戴逸如长篇小说《金桃与马缨花》(上海文化出版社推出)通篇以对话结构全部叙事,“90后”华裔女孩芭芭拉和历经沧桑的文化老顽童司马一不展开对话。在漫谈式的采访和对话中,几十年时代风云的变幻,云舒云卷,一一掠过我们的眼前。
在评论家毛时安看来,在这部极具形式探索意味的长篇小说中,司马一不和芭芭拉的对话是一朵象征着人类爱与和谐的马缨花,而小说的最后失传已久,类似于梦幻中香格里拉的那颗金桃,则是我们仰慕的诗与远方。
戴逸如自画像
“一点星光从天外滑进”
文/毛时安
2023年3月23日午后,和我同龄的老友戴逸如来访。他送了我一本可爱的小书《欢喜满山》,他的书总是很可爱,可爱得让人爱不释手。落座,饮茶,说话。他说,他写了一部长篇小说《金桃与马缨花》,意欲让我为序,令我甚为吃惊。逸如中国画、漫画、诗文俱精,腹笥丰赡,恂恂然,有君子风,但从未听其说过写小说之事。不期他竟完成了一部长达二十六万余字的长篇小说。

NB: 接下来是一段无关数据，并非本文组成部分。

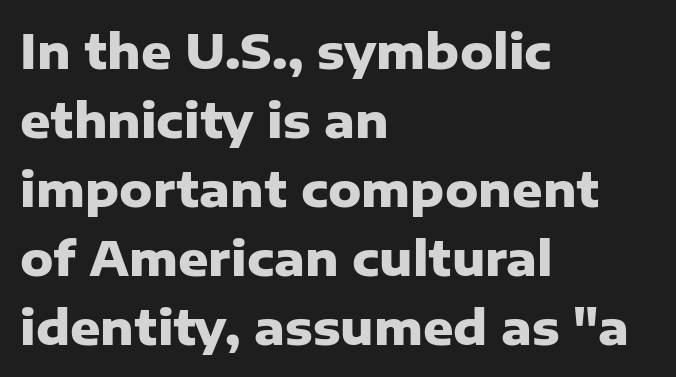
These lines keep a tight, regular rhythm from letter to letter. Are there feet on the stems? There aren't — it's a sans. Anything drawn beneath the words? Only blank space. This is the regular roman posture of the typeface. Notice how the passage keeps a crisp vertical edge on the left only. Evenly set lines give the paragraph a standard silhouette.
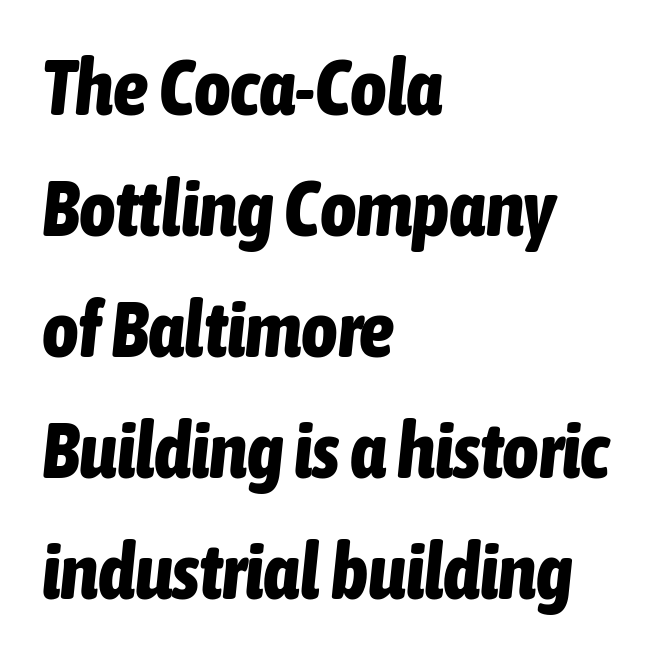
Q: Is the text bold? A: Yes.
Q: Is the text italic (slanted)? A: Yes, it leans right by about 6 degrees.
Q: Is the text underlined? A: No.
Q: How is the paragraph aligned? A: Left-aligned.
Q: Is the spacing between letters normal or unusually wide? A: Normal.
Q: Is the spacing between lines tight, normal or loose? A: Normal.
Q: Width (condensed, normal, or wide)? A: Condensed.
Q: Stroke contrast? A: Low.
Q: x-height? A: Medium.
Q: Monospaced? A: No.
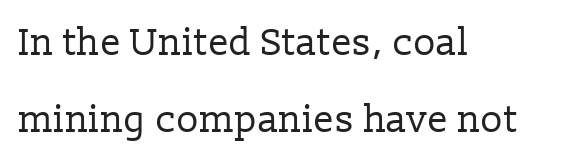
The lines are spread far apart with generous leading. Has an underline been added? It has not. The paragraph shown leans on its left margin. This is serif lettering, the kind often seen in printed books. Think of a printed novel: that variable character pitch is what you see here. The strokes are not fattened; the text isn't bold.
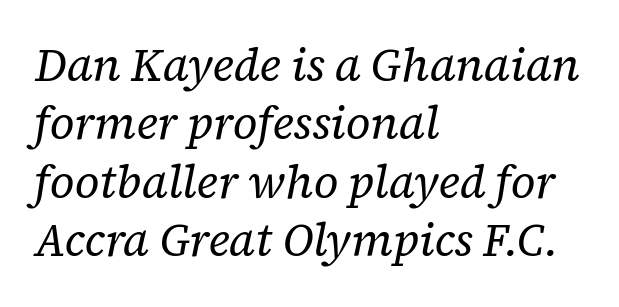
No chunkiness to these letters — they're not bold. Beneath every word, the page is bare. Looks like regular typesetting: each glyph gets only the width it needs. In terms of letterspacing, this is plain default setting. Regarding serifs, this sample has them. The rendering uses a moderate line-height, typical for paragraphs.
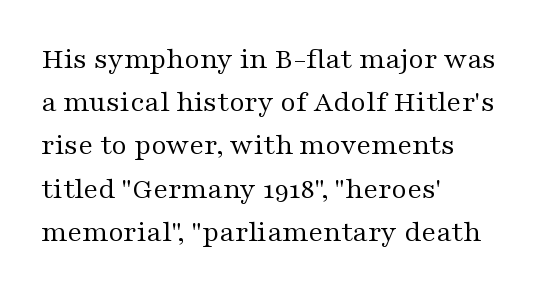
{"serif": "yes", "italic": "no", "bold": "no", "weight": "regular", "width": "wide", "stroke_contrast": "medium", "x_height": "medium", "monospaced": "no", "underline": "no", "align": "left", "line_spacing": "normal", "line_spacing_ratio": 1.44, "letter_spacing": "normal", "letter_spacing_em": 0.0, "glyph_px": 30}

以我的孤陋寡闻,这实在是一部创意满满异想天开的长篇小说,是一部通篇以对话结构全部叙事的长篇小说,一部极具形式探索意味的长篇小说。这种视频采访式的长篇写作确是古今中外小说中未曾见过的一朵奇葩。
对话的一方是一位已经不了解原乡为何物的“90后”华裔女孩芭芭拉,其祖父是随军南下干部,祖母是科学家,父母在当年出国大潮中去南非谋生。父亲一路颠簸,从摆地摊开始了实业经商的人生,一举成为非洲木雕的收藏家,而母亲柳芭带着俄罗斯古典文学的迷人气质。出生在约翰内斯堡的芭芭拉,生在国外长在国外,接受了完整的西方教育,却又在家中受到传统的中国文化熏陶。在母亲患上阿尔兹海默病以后,她顺着母亲断断续续的记忆,返回下海市,寻找父母的足迹。在她探究父母的人生之谜的同时,我们也走进了年轻一代的心灵世界。
对话的另一方是一位历经沧桑却青春依旧、时尚而有文化的老顽童司马一不。他和芭芭拉父母同辈,是她母亲柳芭的农场同事,曾在困境中受过柳芭的暗中帮助,书生气十足,长期行走在文化圈中。

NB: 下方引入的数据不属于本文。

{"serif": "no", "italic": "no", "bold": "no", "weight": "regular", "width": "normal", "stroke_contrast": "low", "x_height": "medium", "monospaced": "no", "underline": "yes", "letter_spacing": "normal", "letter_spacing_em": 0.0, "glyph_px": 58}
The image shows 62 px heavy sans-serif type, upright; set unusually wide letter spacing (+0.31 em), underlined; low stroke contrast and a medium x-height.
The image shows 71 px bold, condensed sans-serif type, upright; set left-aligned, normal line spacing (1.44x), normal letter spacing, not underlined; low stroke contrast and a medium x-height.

对比色彩浓厚的两代人开始了漫长的对话。尽管生活理念、文化背景相去甚远,但冥冥中的信任,使对话得以敞开胸怀地展开,并且不时擦出星星点点的火花。在漫谈式的采访和对话中,在多年沉浸于新闻出版界的司马一不口中,农场知青、收藏家、大小报人、出版人、散文家、各类画家……鱼贯而入,粉墨登场。几十年时代风云的变幻,云舒云卷,崇高和卑劣,理想主义者的单纯和机会主义者的投机,良好愿望和波诡的阴谋算计,不经意间,一一掠过我们的眼前。我们看到真善美在和假丑恶的缠斗中艰难曲折地前行。虽然作者没有锋芒毕露的批判,但我们依然可以感受到作家良知的取舍,一言难尽的文化现实,制造了一言难尽的文化人;一言难尽的文化人,都怀揣着一言难尽的心思。

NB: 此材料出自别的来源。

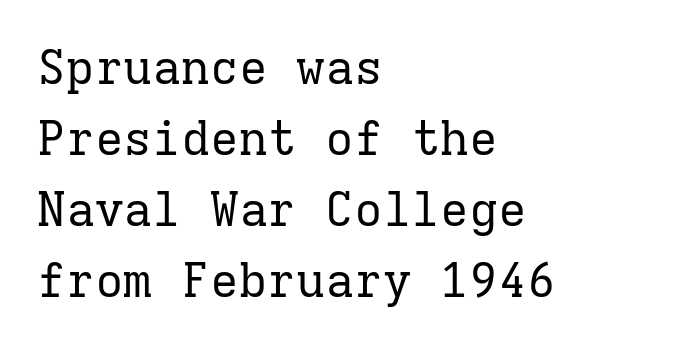
{"serif": "yes", "italic": "no", "bold": "no", "weight": "regular", "width": "normal", "stroke_contrast": "low", "x_height": "medium", "monospaced": "yes", "underline": "no", "align": "left", "line_spacing": "normal", "line_spacing_ratio": 1.48, "letter_spacing": "normal", "letter_spacing_em": 0.0, "glyph_px": 48}
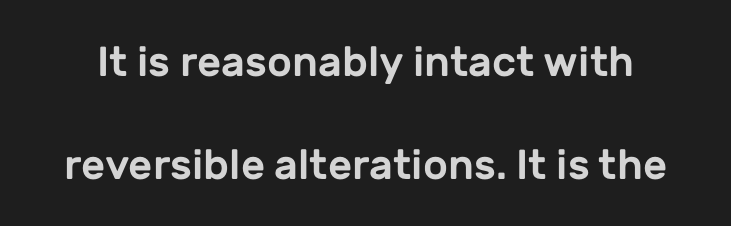
Q: Is the text italic (slanted)? A: No, it is upright.
Q: Is the typeface a serif or a sans-serif typeface? A: Sans-serif.
Q: Is the text underlined? A: No.
Q: Is the spacing between letters normal or unusually wide? A: Normal.
Q: Is the spacing between lines tight, normal or loose? A: Loose.
Q: Width (condensed, normal, or wide)? A: Normal.
Q: Stroke contrast? A: Low.
Q: x-height? A: Medium.
Q: Monospaced? A: No.
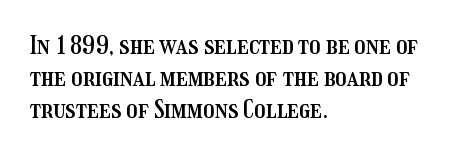
No italicization has been applied; the sample stays upright. This sample uses plain, unmodified letter spacing. Decoration check: the copy has no underline. The typesetter chose a ragged-right arrangement here. Interline gaps are of average width in this sample.

对话体,使《金桃与马缨花》彻底从我们习见的小说叙事套路中解放了出来,对叙事的时间线进行自由压缩、弯曲、穿越和切割,既有激流险滩的湍急,又有大河奔流的开阔舒缓,还有红杏出墙的横生妙趣。峰回路转,柳暗花明,一件事扯出一件事,走马换将,一个人拉出一个人。全书在对话中,就像一曲无主题变奏,可以容纳人物、情节、趣事、典故、知识和不同文体的交织穿插,同时让读者在前所未有的貌似“东拉西扯”的流动阅读中,获得愉悦感,当然,也给我们既定的阅读定势带来了挑战和压力,带来了小说写法实验难免的某些生涩。在我个人看来,小说叙事的节奏略显缓慢,个别章节略见涣散。
用对话写长篇小说,对于逸如不是一种写作策略,而是源于他对对话体的个人偏爱。他从中学时代就对莎士比亚戏剧手不释卷。卞之琳翻译的《哈姆雷特》他熟读成诵。他在《新民晚报》“夜光杯”开设的牛博士专栏曾获得“中国新闻奖“报纸副刊好专栏一等奖,专栏大都以牛博士和马妞雅趣丛生的对话配以他的漫画,而成为广大读者的心爱。此后,他又不断尝试、拓展对话体的写作实践。长篇小说《金桃与马樱花》就是他对话体的最新成果。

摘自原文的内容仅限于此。